Here are some images generated using CFG with a gamma value of 7:

1.7.0

Depending on our i_start value (noise level), the accuracy of the photo (how similar it is to the test image) differs. The higher i is, the more accurate the image becomes -- by i=20, we get a campanile:

For all parts in 1.7.0: noise levels (left to right): 1, 3, 5, 7, 10, 20

I try this on two of my own images: an image of a dog, and an image of a landscape from a Pokemon game.

1.7.1

This can not only be done on images I own, but can also be performed on images that exist on the internet as well as hand-drawn images. Here, I get an image of a strawberry from the web, and also draw a squid and a bird.

Image of strawberry I found on the web.

I tried to draw a squid (middle photo) based on the photo (left) I found on the web. Because the editing software had a rectangular UI, my image got squashed when cropping it into a square so that I could perform CFG on it (right).

Weird that I get two humans at i=10...

I tried to draw my favorite bird (middle photo) based on the photo (left) of the bird I found on the web.

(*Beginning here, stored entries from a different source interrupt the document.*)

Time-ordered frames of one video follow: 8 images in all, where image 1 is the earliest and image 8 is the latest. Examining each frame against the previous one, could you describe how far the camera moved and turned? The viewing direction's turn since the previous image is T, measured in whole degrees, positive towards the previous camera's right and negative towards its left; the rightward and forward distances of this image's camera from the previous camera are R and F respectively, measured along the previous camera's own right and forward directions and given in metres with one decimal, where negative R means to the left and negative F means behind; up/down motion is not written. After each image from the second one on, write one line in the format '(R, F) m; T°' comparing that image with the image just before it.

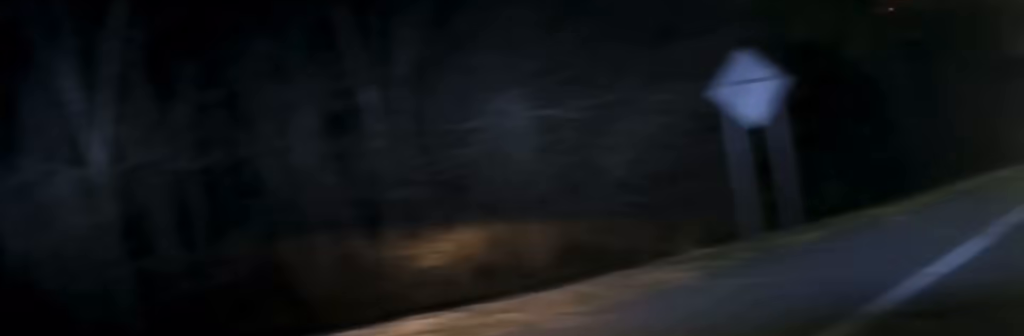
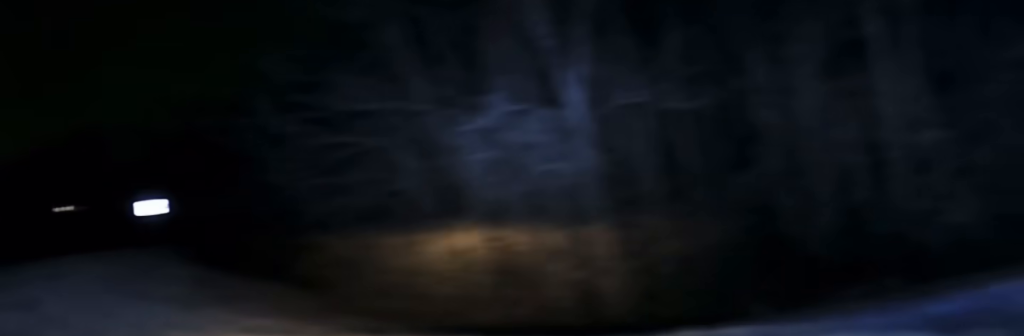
(-0.6, +2.7) m; -26°
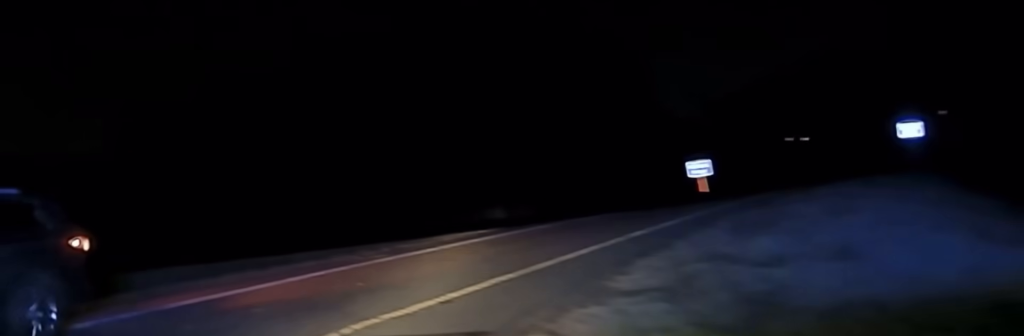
(-2.4, +5.3) m; -43°
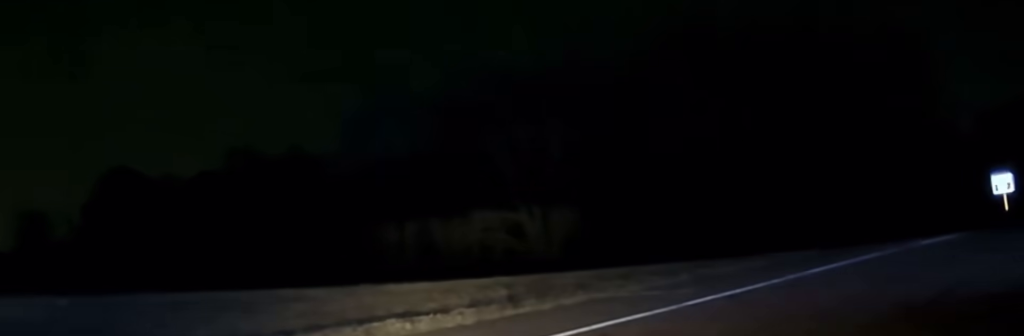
(-1.4, +7.0) m; -16°
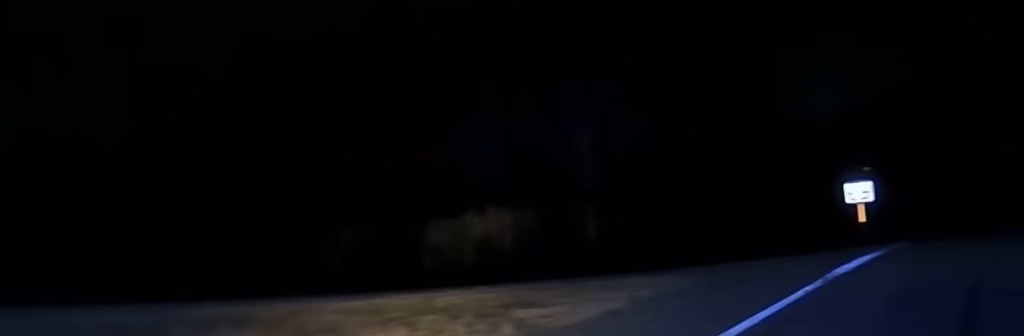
(-0.4, +7.5) m; +1°
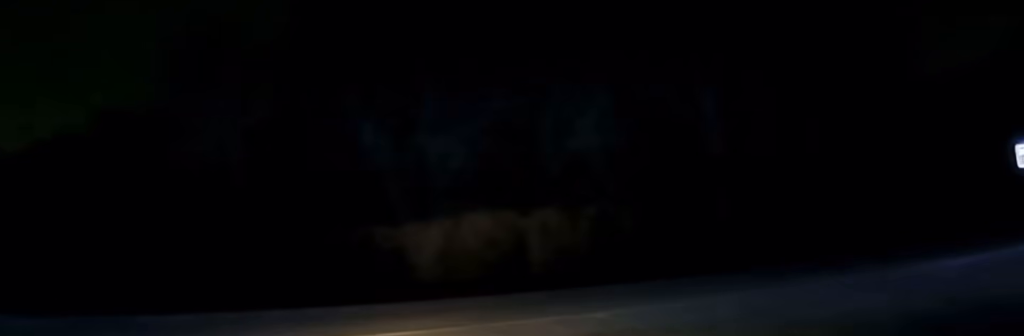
(+0.4, +7.3) m; -7°
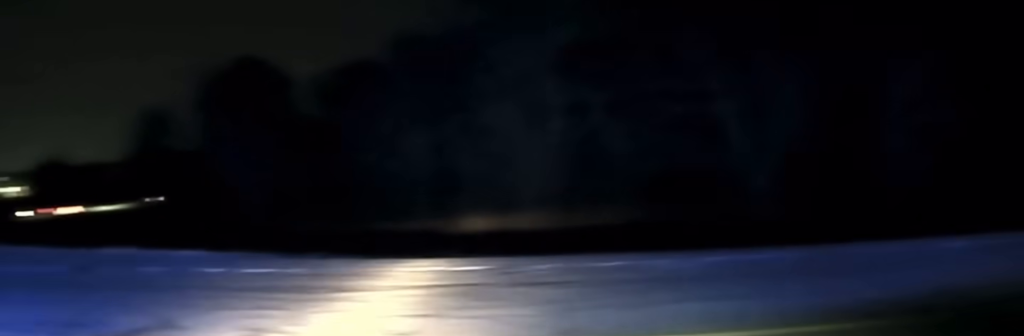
(-0.8, +4.0) m; -18°
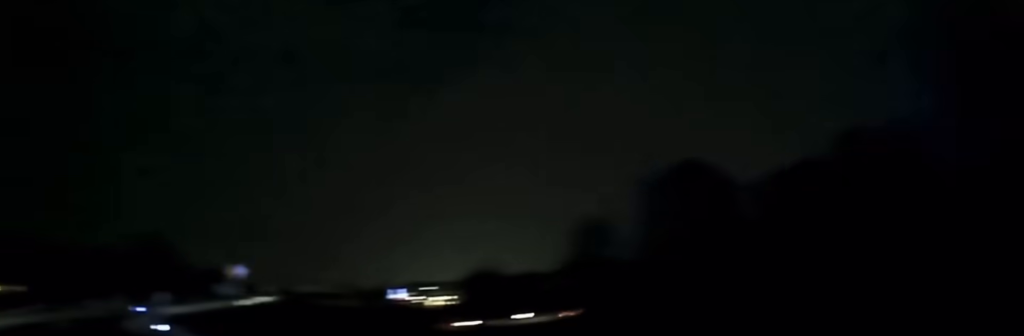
(-0.5, +3.5) m; -17°

One funny thing about this sequence is that at i=7 and i=10, I get images of a girl wearing clothes of the same color as the bird. The image only changes into that of a bird at i=20.

1.7.2

We can also use CFG to perform inpainting. If I have a mask of any shape, I can replace just parts of the test image where the mask is white (equal to 1.0). For example, I define a square mask on the campanile:

As you can see in the right image, just the square part is inpainted, so just the contents of the square are edited/created using CFG. The top of the campanile, when inpainted with a square mask on top, doesn't look like the campanile anymore. I do this with other images too:

When putting a square mask on the terrier's face (right), the inpainting makes the dog's face look like a chihuahua.

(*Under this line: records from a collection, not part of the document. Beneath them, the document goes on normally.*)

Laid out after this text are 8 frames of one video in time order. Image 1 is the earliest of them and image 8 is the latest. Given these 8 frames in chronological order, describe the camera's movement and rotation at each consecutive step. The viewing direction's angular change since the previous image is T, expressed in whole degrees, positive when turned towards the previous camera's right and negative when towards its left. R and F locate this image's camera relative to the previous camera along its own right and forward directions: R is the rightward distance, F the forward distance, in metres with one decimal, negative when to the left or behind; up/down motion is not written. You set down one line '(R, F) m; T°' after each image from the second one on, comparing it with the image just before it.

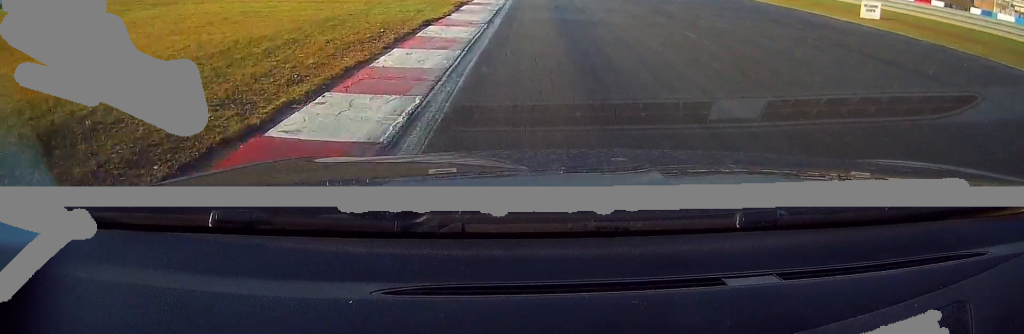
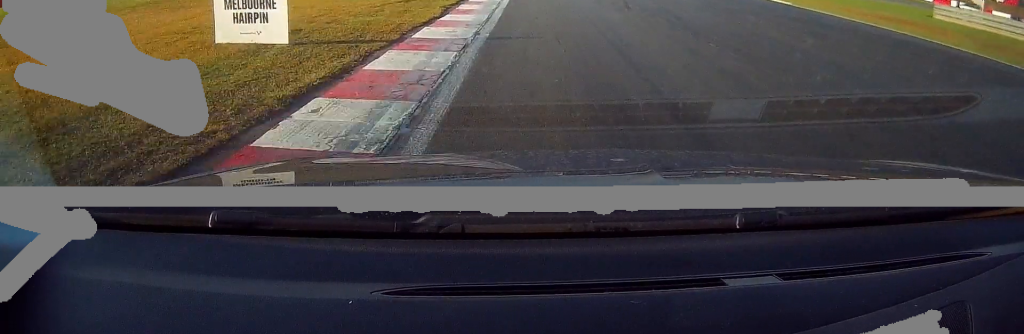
(0.0, +19.7) m; 0°
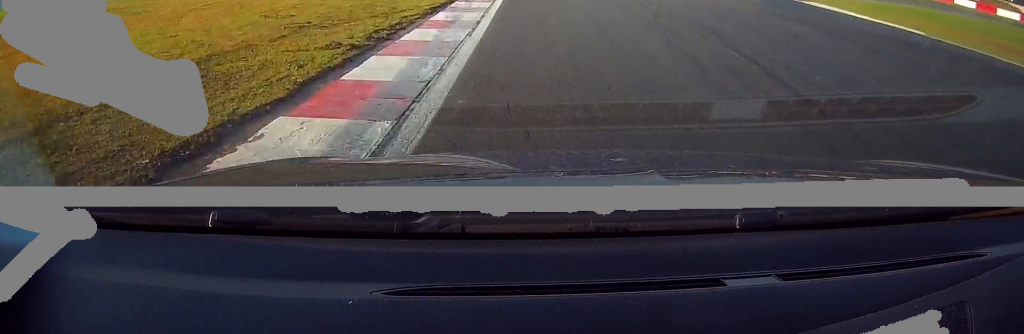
(+0.1, +13.7) m; +1°
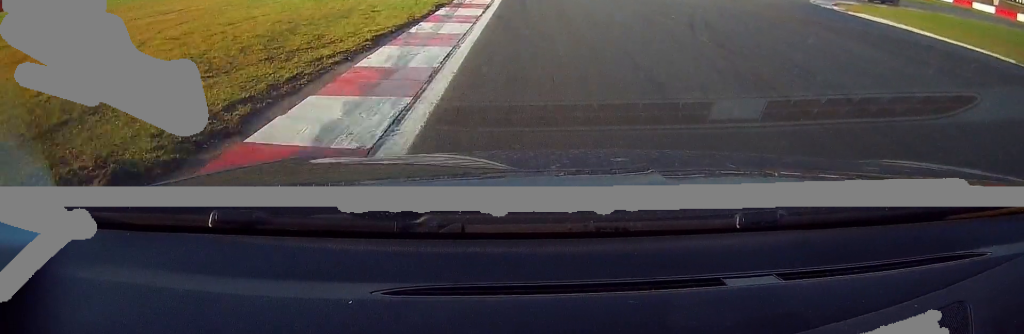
(0.0, +5.7) m; +1°
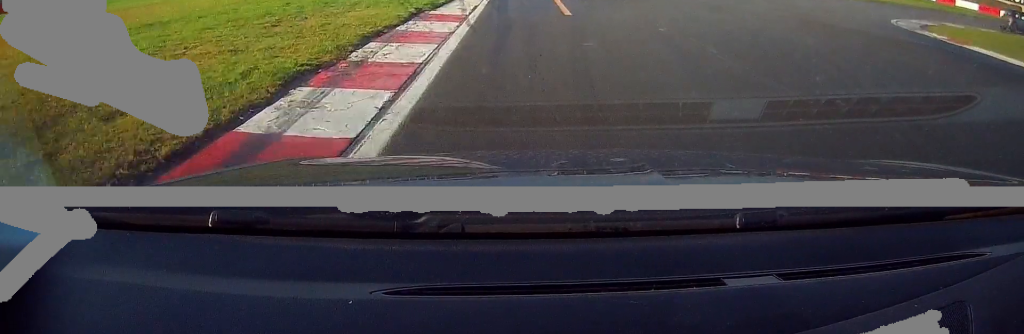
(0.0, +9.7) m; +2°
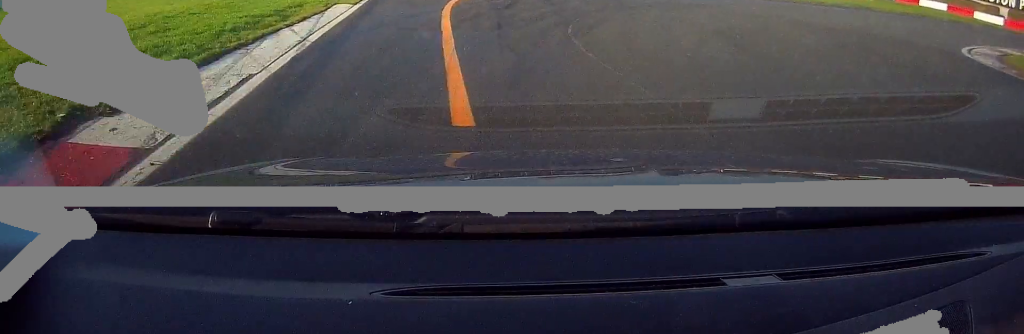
(+0.4, +10.3) m; +7°
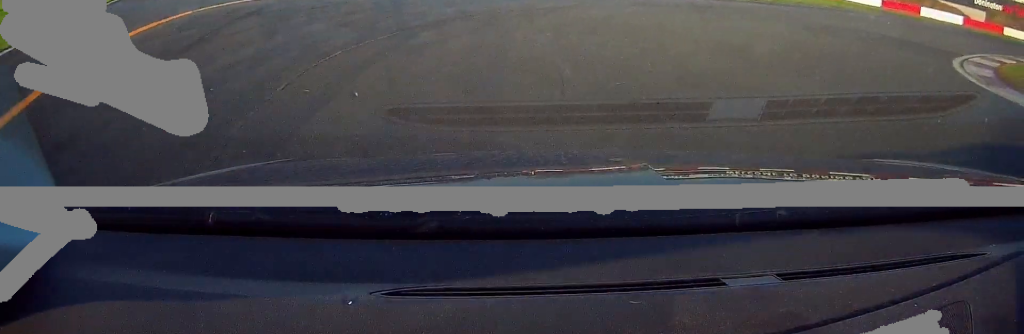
(+0.6, +8.0) m; +14°
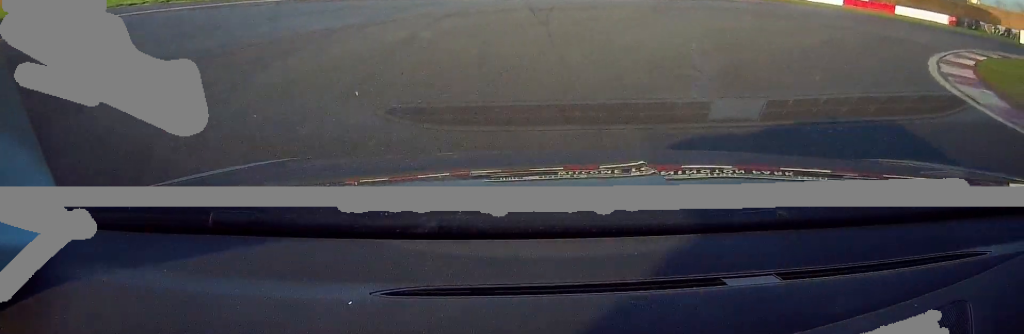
(-0.3, +5.5) m; +13°

This time I use a vertical mask, where the left side is the real image and the right side is inpainted.

1.7.3

Here, I use text-conditioned translation . For part 1.7.1-1.7.2, I used just the prompt "a high quality image" so there was freedom among what kind of images were generated during each timestep (ex. a photo of a girl generated before the bird image in 1.7.2), but if we instead provide a prompt like "a rocket ship", then we can generate photos that look like the prompt before reaching the final image in the last timestep. Here, you can see that the images during the intermediate timesteps look like a rocket ship before ultimately converging to my Pokemon image from the previous parts:

I try this on the campanile image, with the same rocket ship prompt:

I can also try different prompts, like "a photo of a hipster barista" converging to my dog image:

1.8

I could also use unets to create images anagrams. These are images that look like one thing, but when flipped look like something else. In order to do this, I first generate an image with one prompt using a unet and call that e1. Then. I flip the original image and generate another image with the other prompt using the flipped image. I flip that to get e2. To get the final noise estimate e, I average e1 and e2 and add variance (similar to the CFG step from 1.6). Here, I create an image that looks like an old man (left) but looks like people around a campfire when the image is flipped (right):

Here's another example:

Now I use other prompts: a snowy mountain village from the right side up, but a skull when flipped:

My final example is that of a dog, but a human when flipped:

1.9

I can also use a similar code sequence to create hybrid images, which are images that look like one thing from close up but look like another thing from far away. This can be done using lowpass and highpass filters, just like from project 2. The first two images look like a waterfall from up close, but look like a skull from far away. The image in the middle looks like a snowy village from up close, but a rocket ship from far away. The two images on the right look like people at a campfire from up close, but a man from far away.

Part B

I unfortunately didn't have enough time to finish part B because of a business trip, but I was able to do part of the first question, which is to create a noisy image for the digits. I then tried to train the model, but one trouble I had was that torch.concat kept changing the shape of my image to the shape described in the diagram on the spec.